British Psychological Society President Peter Kinderman, Ph.D., is Professor of Clinical Psychology at the University of Liverpool and an honorary Consultant Clinical Psychologist with Mersey Care NHS Trust. He is also Head of the Institute of Psychology, Health and Society at the University of Liverpool, with over 220 academic staff (32 of them professors) comprising psychiatrists, GPs, clinical and other applied psychologists, sociologists, public health physicians, nurses, sociologists and academics.
Professor Kinderman's research interests include the psychopathology of schizophrenia, bipolar disorder and personality disorder and he has been instrumental in developing internationally renowned models of paranoid thought and mania which form the basis of recognised therapeutic interventions.
A highly sought-after expert within broadcast media, Professor Kinderman has contributed to several productions in the field of mental health, most notably hosting a two-episode BBC Horizon show exploring the role of diagnosis in mental health.
What led you to specialise in clinical psychology?
My career has been pretty conventional - I studied general sciences, then psychology, and clinical psychology was the most interesting, most apparently useful, route to follow. There wasn’t a moment of epiphany. But it’s true that I grew up with a desire to understand why my older brother had experienced his serious mental health problems, and I was aware that I certainly didn’t want to place myself at similar risk. So I was always interested in mental health issues from a young age. Studying mental health as a psychologist therefore made a lot of personal sense.
Whose ideas within the field have influenced you the most?
Just after I qualified as a clinical psychologist, I had the chance to pursue a combined academic and clinical career by working with Richard Bentall, who became my PhD supervisor and general inspiration, mentor, colleague and occasional sparring partner.

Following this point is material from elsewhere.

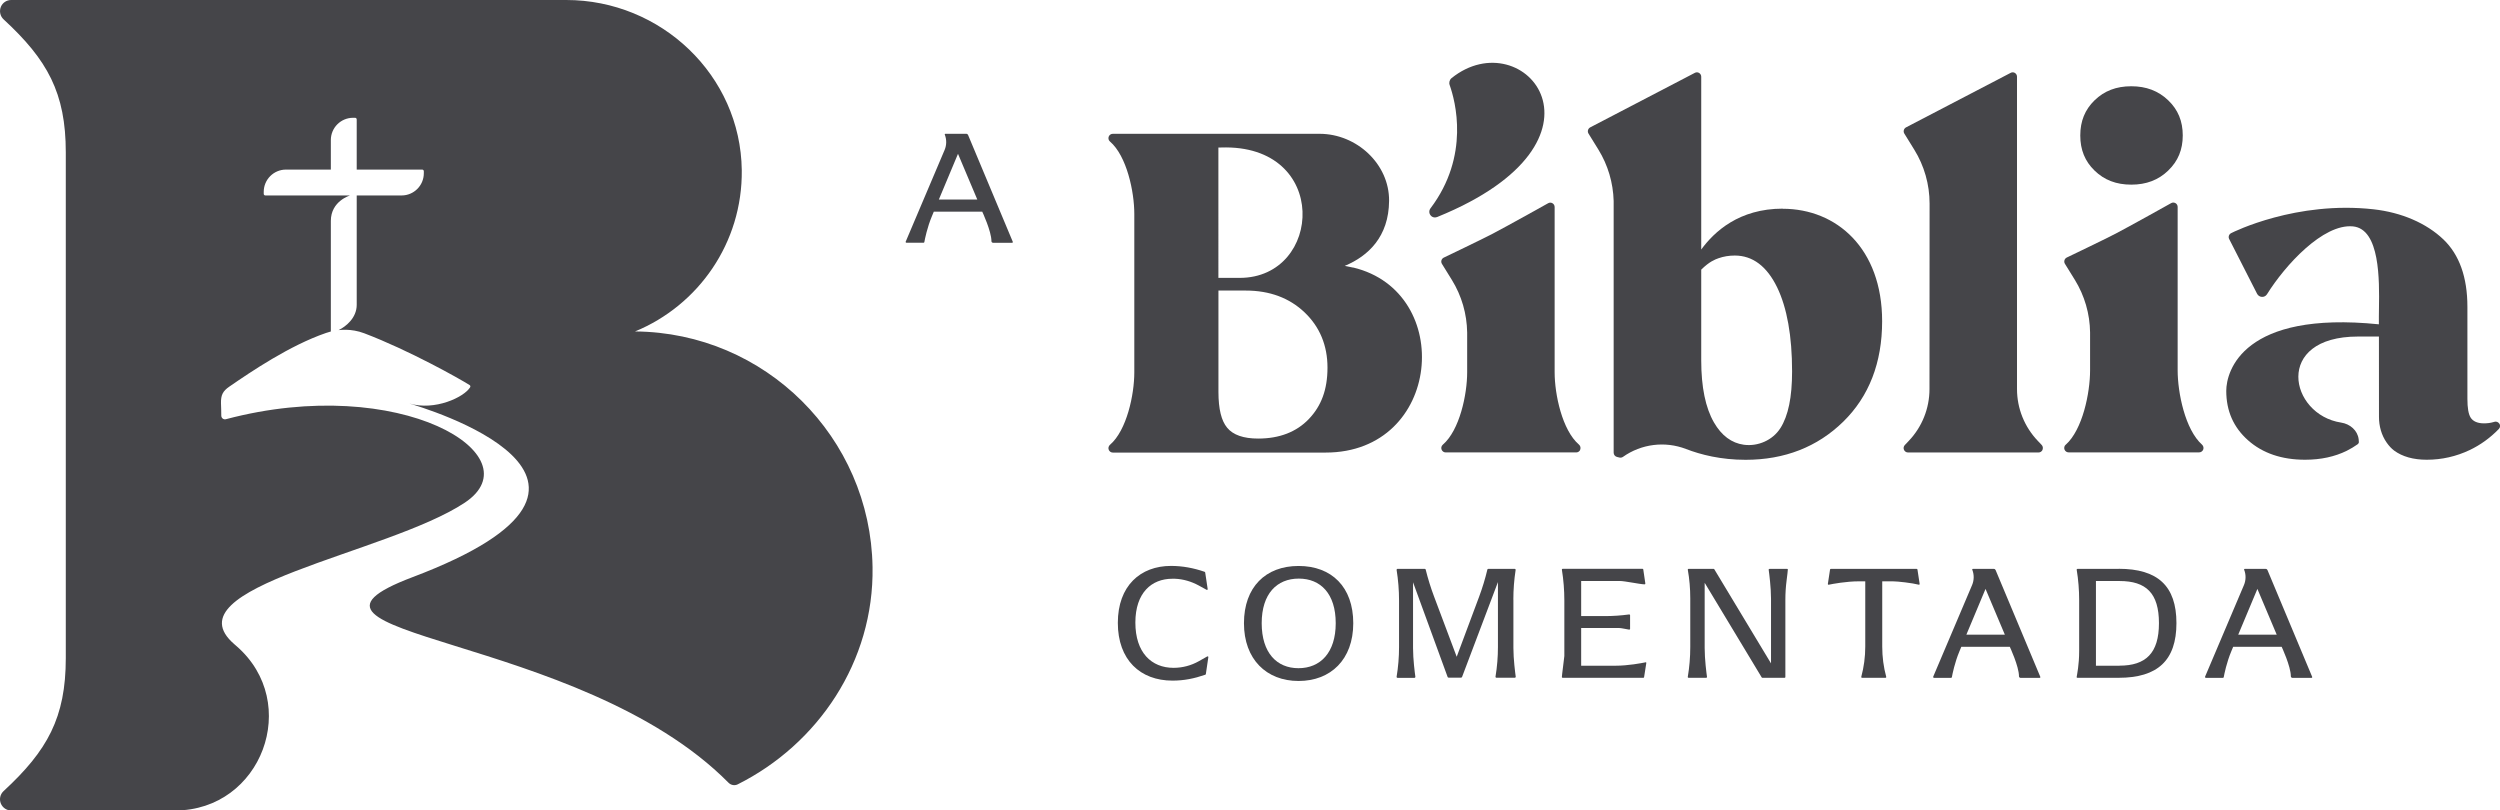 <svg xmlns="http://www.w3.org/2000/svg" id="Layer_1" viewBox="0 0 494.73 160.38"><defs><style>.cls-1{fill:#454549;}</style></defs><path class="cls-1" d="M.71,156.55c-.69,.64-.9,1.63-.53,2.49,.35,.81,1.15,1.35,2.03,1.35H34.63c17.16,0,25.12-21.31,12.15-32.55-.13-.12-.27-.23-.4-.35-13.22-11.38,30.32-17.87,45.59-28.01,13.97-9.28-12.74-25.67-47.27-16.52-.46,.12-.9-.22-.91-.69-.02-2.23-.01-.19-.06-2.47-.03-1.6,.34-2.39,1.65-3.29,4.3-2.96,11.97-8.16,19.14-10.62,.32-.11,.64-.2,.95-.29v-21.88c0-3.94,3.79-5.03,3.8-5.04h-16.76c-.18,0-.32-.14-.32-.32v-.4c0-2.43,1.97-4.4,4.4-4.4h8.88v-5.85c0-2.43,1.97-4.4,4.4-4.4h.4c.18,0,.32,.15,.32,.32v9.93h12.96c.18,0,.32,.15,.32,.32v.4c0,2.43-1.97,4.4-4.4,4.4h-8.88v21.65c0,2.56-2.12,4.29-3.59,5,.16,0,2.44-.38,5.07,.62,8.85,3.36,18.89,9,20.87,10.26,.15,.1,.18,.29,.09,.44-1.22,1.97-6.99,4.69-12.03,3.2,2.12,.64,51.7,15.06,.65,34.36-31.53,11.92,32.88,10.75,62.52,40.69,.48,.48,1.2,.62,1.81,.32,15.89-7.96,26.99-24.28,26.69-43.01-.41-25.69-21.26-46.41-47-46.62,12.51-5.15,21.29-17.52,21.12-31.93C146.55,14.89,130.81,0,112.05,0H2.21c-.89,0-1.68,.52-2.03,1.33C-.18,2.19,.02,3.19,.71,3.83c8.67,8,12.31,14.53,12.31,26.33v100.06c0,11.8-3.64,18.33-12.31,26.33Z"></path><path class="cls-1" d="M179.23,47.8c-.05,.12,.04,.24,.16,.24h3.37c.08,0,.14-.05,.16-.13,.1-.57,.57-2.92,1.5-5.13l.37-.89h9.59s1.82,3.87,1.82,5.85c0,.18,.17,.31,.35,.31h3.73c.11,0,.18-.11,.14-.21l-8.85-21.14c-.06-.13-.18-.22-.33-.22h-4.16c-.09,0-.15,.09-.11,.17,.38,.97,.37,2.06-.04,3.03l-7.69,18.12Zm10.35-17.36l3.82,9.05h-7.61s3.79-9.05,3.79-9.05Z"></path><g><path class="cls-1" d="M448.37,112.58h-4.16c-.09,0-.15,.09-.11,.17,.38,.97,.37,2.06-.04,3.03l-7.69,18.12c-.05,.12,.04,.24,.16,.24h3.37c.08,0,.14-.05,.16-.13,.1-.57,.57-2.92,1.5-5.13l.37-.89h9.59s1.82,3.87,1.82,5.85c0,.18,.17,.31,.35,.31h3.73c.11,0,.18-.11,.14-.21l-8.85-21.14c-.06-.13-.18-.22-.33-.22Zm-5.44,13.01l3.79-9.05,3.82,9.05h-7.61Z"></path><path class="cls-1" d="M238.91,129.9l-1.66,.94c-1.52,.86-3.23,1.31-4.97,1.32h-.03c-4.42,0-7.57-3.05-7.57-8.96s3.22-8.67,7.31-8.67c.17,0,.34,0,.51,0,1.66,.06,3.28,.55,4.73,1.34l1.55,.85c.1,.06,.23-.03,.21-.15l-.49-3.27c-.01-.07-.06-.13-.13-.15-2.17-.75-4.38-1.16-6.64-1.16-6.04,0-10.52,3.93-10.52,11.27s4.45,11.43,10.81,11.43c2.3,0,4.29-.41,6.48-1.16,.07-.02,.12-.08,.13-.15l.49-3.33c.02-.12-.11-.2-.21-.14Z"></path><path class="cls-1" d="M256.98,112c-6.53,0-10.81,4.19-10.81,11.33s4.45,11.43,10.81,11.43,10.82-4.25,10.82-11.43-4.29-11.33-10.82-11.33Zm-.03,20.23c-4.29,0-7.27-3.05-7.27-8.9s3.02-8.83,7.34-8.83,7.31,2.99,7.31,8.83-3.05,8.9-7.37,8.9Z"></path><path class="cls-1" d="M299.48,118.66c0-1.96,.15-3.93,.45-5.87,.02-.11-.07-.22-.19-.22h-5.22c-.09,0-.16,.06-.18,.14-.43,1.81-.97,3.59-1.62,5.34l-4.45,11.92-4.48-11.92c-.66-1.75-1.21-3.53-1.66-5.34-.02-.08-.1-.14-.18-.14h-5.38c-.12,0-.2,.1-.19,.22,.32,2,.48,4.02,.48,6.05v9.22c0,1.96-.16,3.93-.48,5.86-.02,.12,.07,.22,.19,.22h3.33c.12,0,.2-.1,.19-.22-.11-.77-.46-3.44-.46-5.68v-13.01l6.84,18.73s.04,.14,.22,.14h2.41c.2,0,.24-.16,.24-.16l7.09-18.75v12.85c0,1.96-.16,3.93-.48,5.86-.02,.12,.07,.22,.19,.22h3.62c.12,0,.2-.1,.19-.21-.11-.8-.46-3.46-.46-5.68v-9.59Z"></path><path class="cls-1" d="M325.63,131.07c-.73,.15-3.42,.67-5.94,.67h-6.79v-7.47h7.42c.57,0,1.52,.26,2.09,.33,.09,.01,.17-.06,.17-.15v-2.71c0-.09-.08-.16-.17-.15-1.61,.22-3.23,.33-4.86,.33h-4.65v-6.95h7.6c1.05,0,3.9,.63,4.95,.67,.09,0,.16-.08,.15-.17l-.41-2.78c-.01-.07-.07-.13-.15-.13h-15.82c-.08,0-.15,.08-.14,.16,.33,2.02,.49,4.08,.49,6.12v10.98c0,.18-.51,3.99-.49,4.17,0,.07,.07,.14,.15,.14h15.98c.07,0,.13-.05,.14-.12l.44-2.8c.02-.1-.07-.18-.16-.16Z"></path><path class="cls-1" d="M353.67,112.58h-3.5c-.1,0-.18,.08-.16,.18,.1,.72,.46,3.47,.46,5.71v12.81l-11.23-18.64s-.07-.07-.12-.07h-4.98c-.09,0-.15,.08-.14,.16,.33,1.86,.49,3.75,.49,5.65v9.67c0,1.98-.16,3.95-.49,5.89-.02,.1,.06,.19,.16,.19h3.48c.1,0,.18-.08,.16-.18-.1-.72-.46-3.44-.46-5.71v-12.91l11.29,18.73s.07,.07,.12,.07h4.42c.08,0,.14-.06,.14-.14v-15.27c0-1.3,.08-2.61,.25-3.9,.12-.97,.25-1.97,.24-2.12,0-.07-.06-.13-.14-.13Z"></path><path class="cls-1" d="M379.28,112.58h-16.98c-.08,0-.14,.06-.15,.13l-.43,2.83c-.02,.11,.07,.2,.18,.17,.77-.16,3.48-.67,5.97-.67h1.25v12.94c0,2.02-.27,4.03-.79,5.97-.02,.09,.04,.18,.14,.18h4.66c.09,0,.16-.09,.14-.18-.53-1.95-.79-3.96-.79-5.97v-12.94h2.08c.97,0,3.88,.33,5.17,.67,.09,.02,.17-.08,.15-.17l-.43-2.83c-.01-.08-.08-.13-.15-.13Z"></path><path class="cls-1" d="M394.57,112.58h-4.16c-.09,0-.15,.09-.11,.17,.38,.97,.37,2.06-.04,3.03l-7.69,18.12c-.05,.12,.04,.24,.16,.24h3.37c.08,0,.14-.05,.16-.13,.1-.57,.57-2.92,1.5-5.13l.37-.89h9.59s1.82,3.87,1.82,5.85c0,.18,.17,.31,.35,.31h3.73c.11,0,.18-.11,.14-.21l-8.85-21.14c-.06-.13-.18-.22-.33-.22Zm-5.44,13.01l3.79-9.05,3.82,9.05h-7.61Z"></path><path class="cls-1" d="M419.28,112.58h-8.18c-.09,0-.15,.08-.14,.16,.33,1.99,.49,4.02,.49,6.04v10.05c0,2.78-.43,4.68-.5,5.17,0,.07,.06,.13,.13,.13h8.19c7.7,0,11.43-3.44,11.43-10.82s-3.73-10.75-11.43-10.75Zm.13,19.16h-4.64v-16.76h4.67c5.26,0,7.8,2.4,7.8,8.34s-2.6,8.41-7.83,8.41Z"></path></g><g><path class="cls-1" d="M312.7,88.99c.15-.34,.06-.75-.23-1-3.33-2.86-4.82-9.94-4.82-14.33V40.97c0-.31-.16-.6-.43-.75-.26-.16-.59-.16-.86,0-.08,.05-8.36,4.67-10.97,6.03-2.48,1.29-9.61,4.69-9.68,4.73-.22,.11-.39,.3-.46,.54-.07,.24-.03,.49,.1,.7l1.96,3.17c1.94,3.13,2.98,6.74,3.03,10.43v7.85c0,4.39-1.49,11.47-4.82,14.33-.29,.25-.38,.65-.23,1,.14,.32,.45,.53,.8,.53h25.83c.35,0,.66-.21,.8-.53Z"></path><path class="cls-1" d="M283.1,42.61c.2,.26,.48,.4,.78,.42,.18,.01,.36-.02,.54-.09,37.11-15.08,17.16-38.99,2.83-27.48h0c-.4,.33-.55,.89-.37,1.38,1.1,3.09,4.07,13.99-3.8,24.39-.31,.41-.31,.97,.02,1.38Z"></path><path class="cls-1" d="M404.2,88.99c.13-.32,.07-.69-.17-.94l-.76-.8c-2.64-2.76-4.12-6.43-4.12-10.25V15.18c0-.31-.16-.59-.42-.75-.26-.16-.59-.16-.86,0-.09,.05-20.57,10.72-20.65,10.76-.22,.11-.39,.3-.46,.54-.07,.24-.04,.49,.09,.7l1.96,3.17c1.99,3.21,3.04,6.91,3.04,10.69l-.02,36.71c0,3.83-1.48,7.51-4.12,10.27l-.76,.8c-.24,.25-.31,.62-.17,.94,.14,.32,.45,.53,.8,.53h25.83c.35,0,.66-.21,.8-.53Z"></path><path class="cls-1" d="M352.79,41.29c-8.63,0-13.54,4.54-16.13,8.09,0,0,0-34.2,0-34.2,0-.31-.16-.59-.43-.75-.26-.16-.59-.16-.86,0-.09,.05-20.58,10.72-20.65,10.76-.22,.11-.39,.3-.46,.54-.07,.24-.04,.49,.09,.7l1.96,3.17c1.89,3.06,2.92,6.57,3.02,10.16v49.82c0,.4,.27,.74,.65,.84l.48,.12c.25,.06,.51,.01,.71-.13,3.64-2.57,8.31-3.16,12.48-1.56,2.93,1.13,6.89,2.14,11.79,2.14,7.71,0,14.21-2.54,19.32-7.54,5.11-5,7.7-11.69,7.7-19.88,0-14.42-9.02-22.26-19.68-22.26Zm-.47,43.44c-1.51,2.38-4.44,3.66-7.23,3.28-2.42-.33-4.41-1.81-5.91-4.41-1.67-2.88-2.52-7-2.52-12.26v-17.98c1.64-1.62,2.74-2.01,3.4-2.25,1.01-.36,2.1-.54,3.24-.54,3.53,0,6.35,2.12,8.38,6.29,1.96,4.05,2.96,9.65,2.96,16.64,0,5.12-.76,8.78-2.32,11.24Z"></path><path class="cls-1" d="M408.78,88c-.28,.25-.36,.65-.22,.99,.14,.32,.45,.53,.8,.53h25.83c.35,0,.66-.21,.8-.53,.14-.34,.06-.73-.22-.99-3.35-2.99-4.83-10.26-4.83-14.75V40.95c0-.31-.16-.6-.43-.75s-.59-.16-.86,0c-.08,.05-8.36,4.67-10.97,6.03-2.48,1.29-9.61,4.69-9.68,4.73-.22,.11-.39,.3-.46,.54-.07,.24-.04,.49,.09,.7l1.96,3.17c1.93,3.13,2.98,6.74,3.02,10.43v7.47c0,4.49-1.48,11.76-4.83,14.75Z"></path><path class="cls-1" d="M429.08,33.74c1.93-1.85,2.87-4.12,2.87-6.94s-.94-5.09-2.87-6.94c-1.96-1.88-4.36-2.79-7.32-2.79s-5.34,.91-7.27,2.79c-1.9,1.85-2.82,4.12-2.82,6.95s.92,5.1,2.82,6.94c1.93,1.88,4.3,2.79,7.27,2.79s5.36-.91,7.32-2.79Z"></path><path class="cls-1" d="M494.59,83.84c-.21-.34-.63-.49-1-.36l-.16,.05c-.59,.17-1.22,.25-1.87,.25-1.26,0-2.17-.39-2.64-1.14-.43-.68-.64-1.89-.64-3.7v-18.24c0-5.83-1.6-10.3-4.74-13.31-3.38-3.23-8.29-5.35-13.82-5.97-15.27-1.71-27.68,4.45-28.2,4.72-.41,.21-.59,.69-.41,1.11l5.54,10.87c.4,.79,1.5,.86,1.97,.11,3.56-5.71,11.08-13.98,17-13.43,5.39,.51,5.24,10.69,5.16,16.16,0,.62-.02,1.18-.02,1.67v1.55c-26.84-2.73-30.2,9.22-30.2,13.17s1.41,7.21,4.31,9.78c2.88,2.56,6.68,3.85,11.29,3.85,3.1,0,5.87-.6,8.24-1.77,.77-.38,1.49-.82,2.17-1.3,.14-.1,.23-.26,.23-.43,0-.18-.01-.37-.04-.56-.22-1.76-1.71-3.02-3.46-3.29-10.27-1.56-13.44-17.03,3.34-17.03h4.13s0,10.27,.01,15.91c0,1.81,.49,3.61,1.53,5.09,.46,.66,.97,1.19,1.46,1.56,1.64,1.21,3.81,1.82,6.47,1.82,2.97,0,5.83-.65,8.5-1.92,2.12-1.01,4.06-2.41,5.76-4.17,.28-.28,.32-.72,.11-1.06Z"></path><path class="cls-1" d="M267.8,52.96c-.28-.07-1.68-.34-1.68-.34,0,0,.06-.02,.08-.04,4.53-1.92,8.63-5.69,8.69-12.83,.06-7.3-6.43-13.26-13.73-13.27h-40.94c-.35,0-.66,.2-.8,.52-.15,.35-.06,.75,.23,1,3.33,2.86,4.82,9.94,4.82,14.32v31.38c0,4.39-1.49,11.47-4.82,14.33-.29,.25-.38,.65-.23,1,.14,.32,.45,.53,.8,.53h42.11c23,0,25.64-31.78,5.46-36.62Zm-26.68-23.77h.52c21.61-.74,20.14,25.8,3.69,25.8h-4.22V29.19Zm17.9,53.72c-2.46,2.58-5.84,3.88-10.04,3.88-2.9,0-4.97-.72-6.14-2.15-1.15-1.39-1.71-3.7-1.72-7.03v-20.11s5.43,0,5.43,0c4.71,0,8.62,1.46,11.63,4.33,3,2.87,4.52,6.54,4.52,10.92s-1.24,7.6-3.68,10.16Z"></path></g></svg>

Richard has been my closest collaborator and most important source of inspiration over the subsequent twenty-five years of our work together, and a significant proportion of my scientific and professional views have been shaped by his impressive brain.
Listed among your research activity is how psychological science can assist public policy in health and social care. Could you give an example of this in action?
There are many examples. Human factors are central to all the work of both civic society and Government. The profession and discipline of psychology - and in my case the British Psychological Society - is the natural home of experts in: relationships, education and learning, mental health, health, politics, sport, crime, work and organisational structures, prejudice and intercultural understanding, designing and working with emerging technologies, and more. Our profession and discipline is based on our science, our professional practice and our values. So psychological science is fantastically important (and fantastic).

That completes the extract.